> WHAT IS NEEDED
Go through the material below and copy all lines with "Group".

> RECORDED DATA
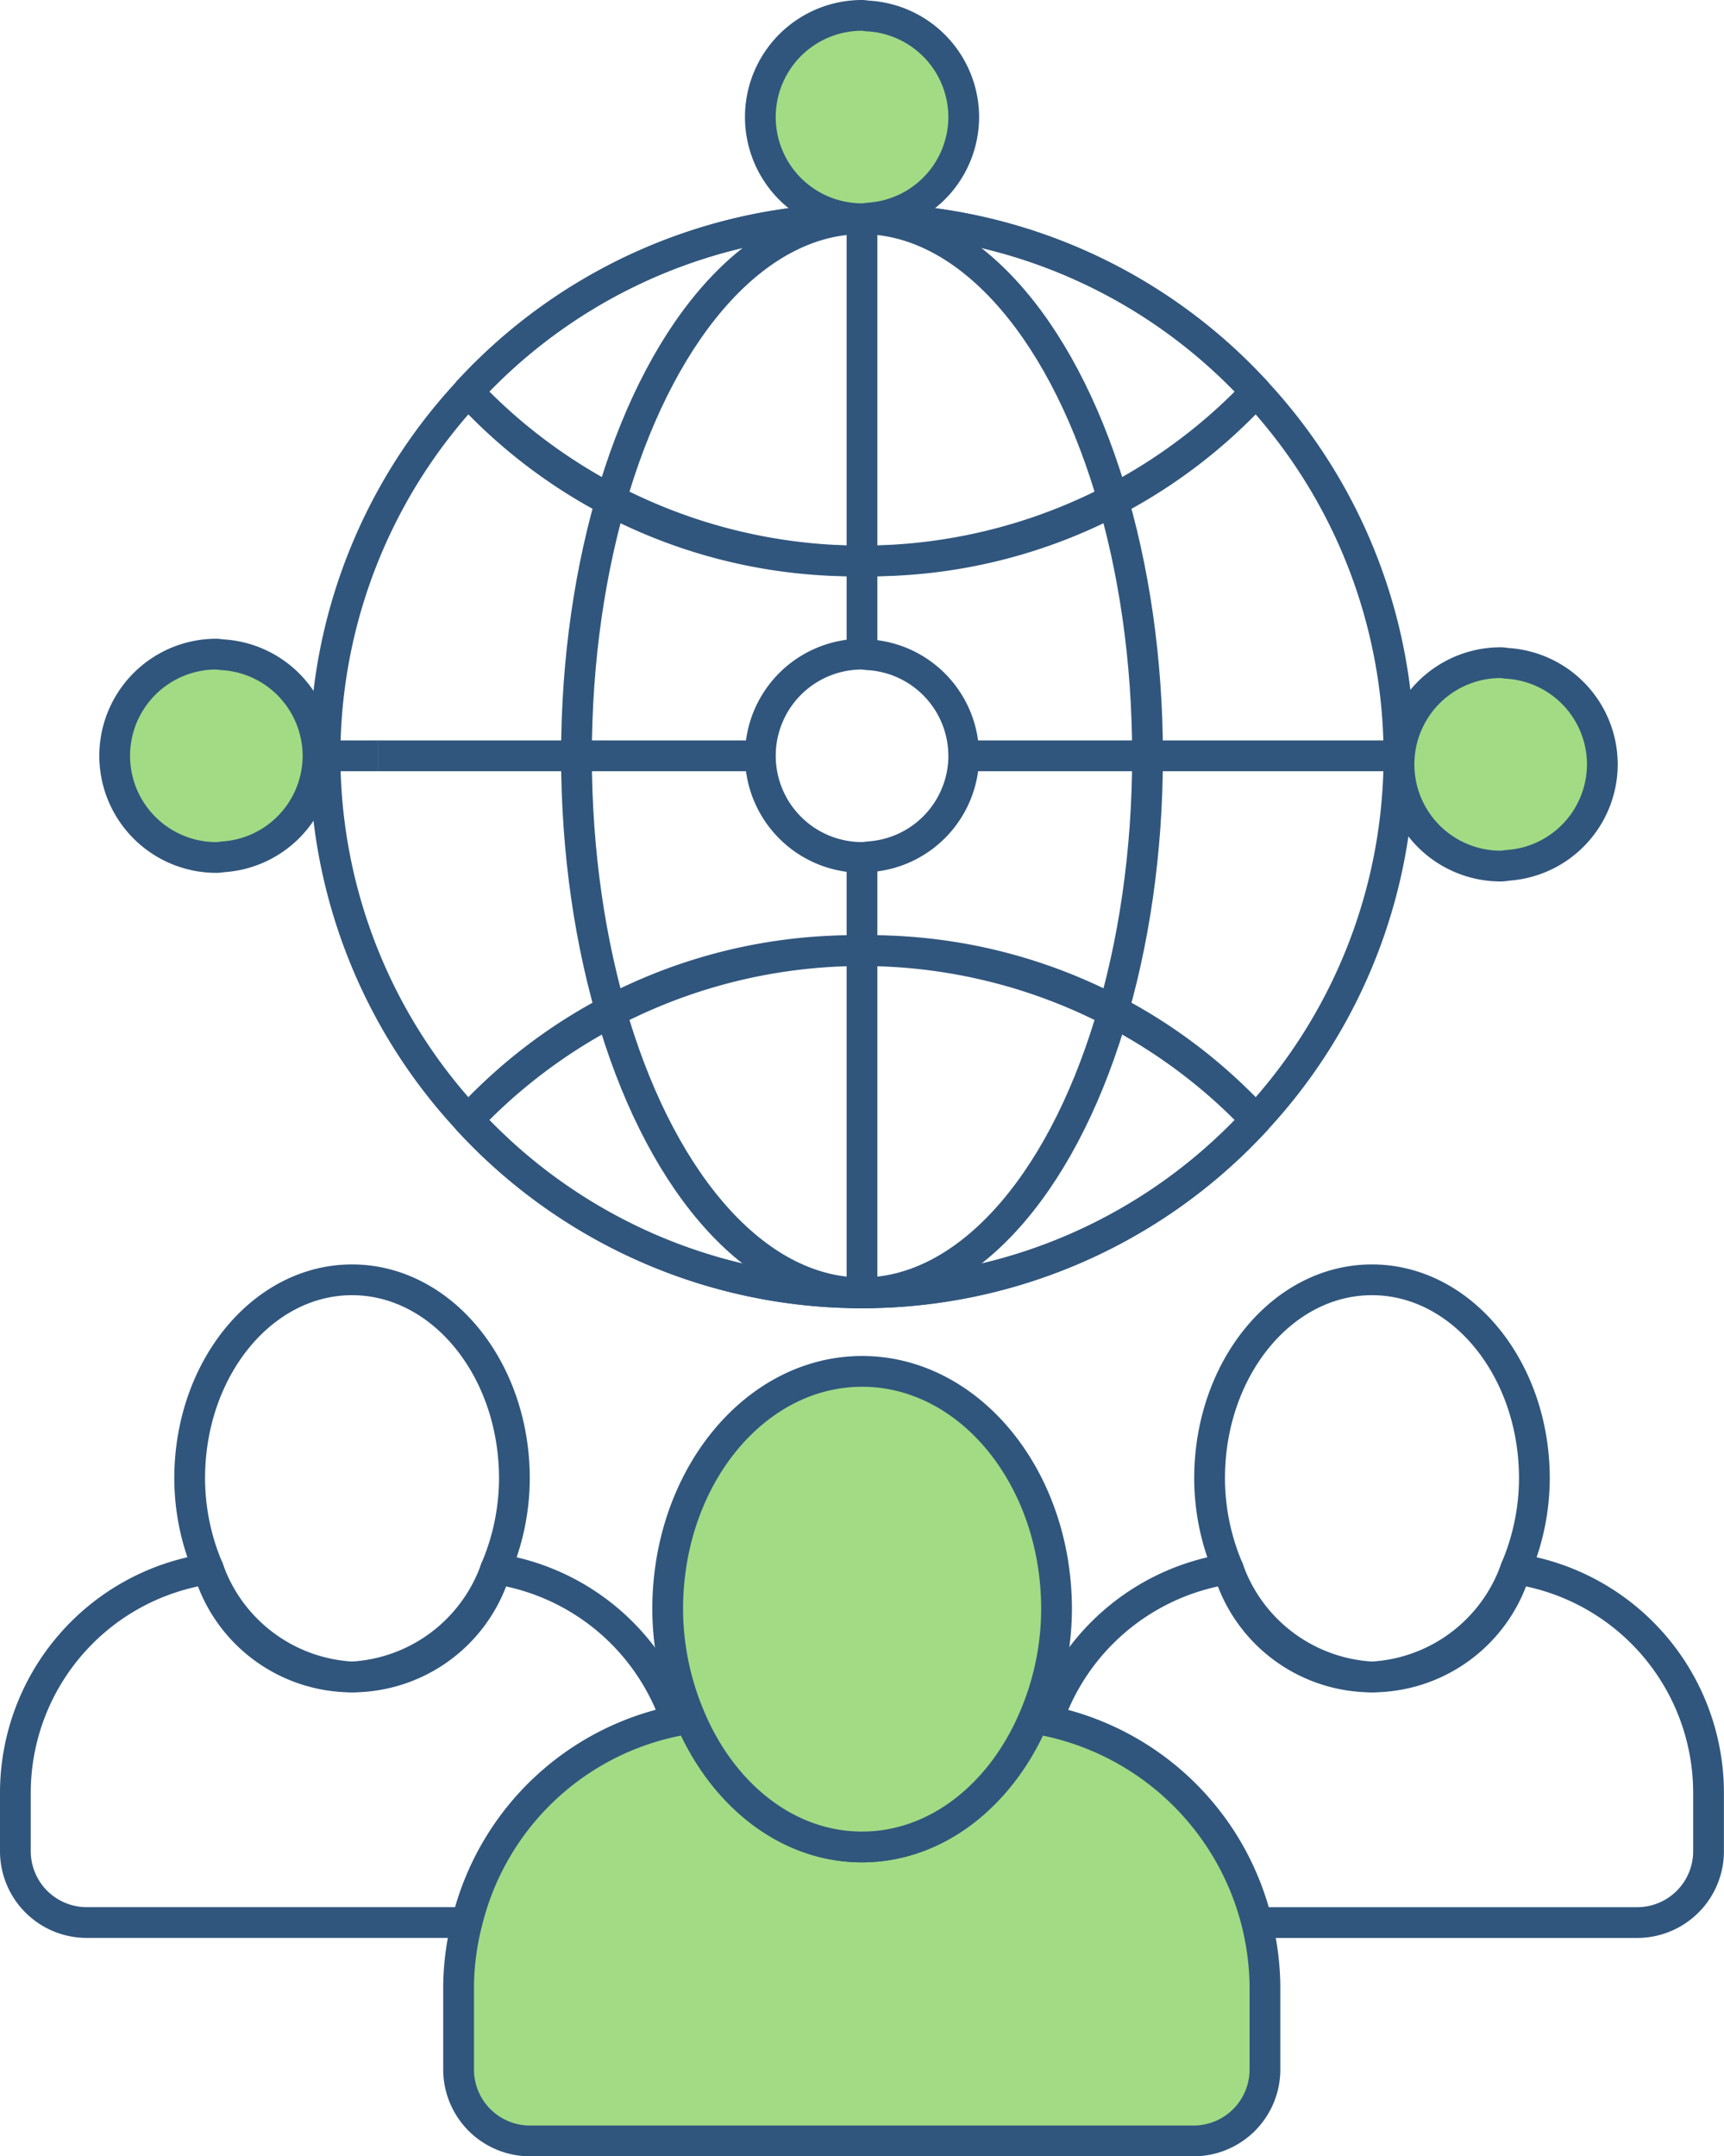 <svg xmlns="http://www.w3.org/2000/svg" width="61.652" height="77.1" viewBox="0 0 61.652 77.1">
  <g id="Group_9220" data-name="Group 9220" transform="translate(-510.445 -564.342)">
    <g id="Group_9218" data-name="Group 9218" transform="translate(510.995 610.101)">
      <path id="Path_3604" data-name="Path 3604" d="M536.609,600.062a5.783,5.783,0,0,0,5.14-3.864,8.288,8.288,0,0,0,.668-3.236c0-3.922-2.6-7.1-5.809-7.1s-5.806,3.18-5.806,7.1a8.285,8.285,0,0,0,.666,3.236A5.788,5.788,0,0,0,536.609,600.062Z" transform="translate(-488.096 -585.86)" fill="none" stroke="#30567d" stroke-linejoin="round" stroke-width="1.1"/>
      <path id="Path_3605" data-name="Path 3605" d="M519.692,600.062a5.788,5.788,0,0,0,5.14-3.864,8.287,8.287,0,0,0,.666-3.236c0-3.922-2.6-7.1-5.806-7.1s-5.806,3.18-5.806,7.1a8.287,8.287,0,0,0,.666,3.236A5.786,5.786,0,0,0,519.692,600.062Z" transform="translate(-507.653 -585.86)" fill="none" stroke="#30567d" stroke-linejoin="round" stroke-width="1.1"/>
      <path id="Path_3606" data-name="Path 3606" d="M544.855,590.655a5.351,5.351,0,0,1-10.28,0,8.113,8.113,0,0,0-6.46,5.433A9.679,9.679,0,0,1,535.6,603.3h13.6a2.551,2.551,0,0,0,2.551-2.553v-2.091A8.1,8.1,0,0,0,544.855,590.655Z" transform="translate(-491.202 -580.316)" fill="none" stroke="#30567d" stroke-linejoin="round" stroke-width="1.1"/>
      <path id="Path_3607" data-name="Path 3607" d="M534.635,596.088a8.107,8.107,0,0,0-6.46-5.433,5.351,5.351,0,0,1-10.28,0,8.1,8.1,0,0,0-6.9,8v2.091a2.552,2.552,0,0,0,2.551,2.553h13.605A9.677,9.677,0,0,1,534.635,596.088Z" transform="translate(-510.995 -580.316)" fill="none" stroke="#30567d" stroke-linejoin="round" stroke-width="1.1"/>
      <path id="Path_3608" data-name="Path 3608" d="M539.4,593.237c-.162-.032-.315-.093-.481-.116-1.156,2.734-3.465,4.625-6.156,4.625s-5-1.891-6.156-4.625c-.164.024-.317.084-.481.116a9.677,9.677,0,0,0-7.484,7.208,9.529,9.529,0,0,0-.3,2.249v3.01a2.553,2.553,0,0,0,2.553,2.553h23.73a2.553,2.553,0,0,0,2.553-2.553v-3.01a9.815,9.815,0,0,0-7.781-9.457Z" transform="translate(-502.492 -577.466)" fill="#a2db84" stroke="#30567d" stroke-linejoin="round" stroke-width="1.1"/>
      <path id="Path_3609" data-name="Path 3609" d="M528.766,604.384c2.691,0,5-1.891,6.156-4.625a9.933,9.933,0,0,0,.8-3.879c0-4.7-3.114-8.5-6.953-8.5s-6.953,3.805-6.953,8.5a9.967,9.967,0,0,0,.8,3.879C523.765,602.493,526.075,604.384,528.766,604.384Z" transform="translate(-498.489 -584.104)" fill="#a2db84" stroke="#30567d" stroke-linejoin="round" stroke-width="1.1"/>
    </g>
    <ellipse id="Ellipse_571" data-name="Ellipse 571" cx="10.211" cy="19.203" rx="10.211" ry="19.203" transform="translate(531.06 572.164)" fill="none" stroke="#30567d" stroke-linejoin="round" stroke-width="1.1"/>
    <path id="Path_3610" data-name="Path 3610" d="M535.333,591.117a18.773,18.773,0,0,1,14.09,6.05,19.128,19.128,0,0,0,0-26.033,19.43,19.43,0,0,1-28.178,0,19.121,19.121,0,0,0,0,26.033A18.768,18.768,0,0,1,535.333,591.117Z" transform="translate(5.938 7.216)" fill="none" stroke="#30567d" stroke-linejoin="round" stroke-width="1.1"/>
    <path id="Path_3611" data-name="Path 3611" d="M518.5,574.452a19.133,19.133,0,0,1,28.178,0" transform="translate(8.68 3.898)" fill="none" stroke="#30567d" stroke-linejoin="round" stroke-width="1.1"/>
    <path id="Path_3612" data-name="Path 3612" d="M532.591,580.5a18.781,18.781,0,0,0,14.09-6.05,19.133,19.133,0,0,0-28.178,0A18.775,18.775,0,0,0,532.591,580.5Z" transform="translate(8.68 3.898)" fill="none" stroke="#30567d" stroke-linejoin="round" stroke-width="1.1"/>
    <path id="Path_3613" data-name="Path 3613" d="M546.681,583.208a19.138,19.138,0,0,1-28.178,0" transform="translate(8.68 21.175)" fill="none" stroke="#30567d" stroke-linejoin="round" stroke-width="1.1"/>
    <path id="Path_3614" data-name="Path 3614" d="M532.591,592.638a19.134,19.134,0,0,0,14.09-6.186,19.43,19.43,0,0,0-28.178,0A19.129,19.129,0,0,0,532.591,592.638Z" transform="translate(8.68 17.931)" fill="none" stroke="#30567d" stroke-linejoin="round" stroke-width="1.1"/>
    <path id="Path_3615" data-name="Path 3615" d="M519.914,579.12a3.628,3.628,0,0,0-3.383-3.612c-.084,0-.166-.024-.252-.024a3.635,3.635,0,1,0,0,7.271c.1,0,.2-.022.3-.028A3.627,3.627,0,0,0,519.914,579.12Z" transform="translate(1.903 12.247)" fill="#a2db84" stroke="#30567d" stroke-linejoin="round" stroke-width="1.1"/>
    <path id="Path_3616" data-name="Path 3616" d="M541.216,579.261a3.623,3.623,0,0,0-3.383-3.609c-.084-.006-.166-.026-.252-.026a3.636,3.636,0,1,0,0,7.273c.1,0,.2-.022.3-.03A3.625,3.625,0,0,0,541.216,579.261Z" transform="translate(26.53 12.41)" fill="#a2db84" stroke="#30567d" stroke-linejoin="round" stroke-width="1.1"/>
    <path id="Path_3617" data-name="Path 3617" d="M530.624,568.527a3.628,3.628,0,0,0-3.383-3.611c-.086,0-.168-.024-.255-.024a3.635,3.635,0,1,0,0,7.27c.1,0,.2-.021.3-.028A3.627,3.627,0,0,0,530.624,568.527Z" transform="translate(14.285 0)" fill="#a2db84" stroke="#30567d" stroke-linejoin="round" stroke-width="1.1"/>
    <line id="Line_2908" data-name="Line 2908" y2="15.567" transform="translate(541.271 572.164)" fill="none" stroke="#30567d" stroke-linejoin="round" stroke-width="1.1"/>
    <line id="Line_2909" data-name="Line 2909" y1="15.567" transform="translate(541.271 595.003)" fill="none" stroke="#30567d" stroke-linejoin="round" stroke-width="1.1"/>
    <line id="Line_2910" data-name="Line 2910" x1="1.893" transform="translate(522.068 591.367)" fill="none" stroke="#30567d" stroke-linejoin="round" stroke-width="1.1"/>
    <line id="Line_2911" data-name="Line 2911" x1="15.567" transform="translate(544.908 591.367)" fill="none" stroke="#30567d" stroke-linejoin="round" stroke-width="1.1"/>
    <line id="Line_2912" data-name="Line 2912" x1="13.674" transform="translate(523.961 591.367)" fill="none" stroke="#30567d" stroke-linejoin="round" stroke-width="1.1"/>
    <path id="Path_3618" data-name="Path 3618" d="M530.624,579.12a3.628,3.628,0,0,0-3.383-3.612c-.086,0-.168-.024-.255-.024h0a3.634,3.634,0,0,0-3.635,3.635h0a3.636,3.636,0,0,0,3.635,3.635h0c.1,0,.2-.022.3-.028a3.629,3.629,0,0,0,3.34-3.607Z" transform="translate(14.285 12.247)" fill="none" stroke="#30567d" stroke-linejoin="round" stroke-width="1.1"/>
  </g>
</svg>

> WORKED SOLUTION
  <g id="Group_9220" data-name="Group 9220" transform="translate(-510.445 -564.342)">
    <g id="Group_9218" data-name="Group 9218" transform="translate(510.995 610.101)">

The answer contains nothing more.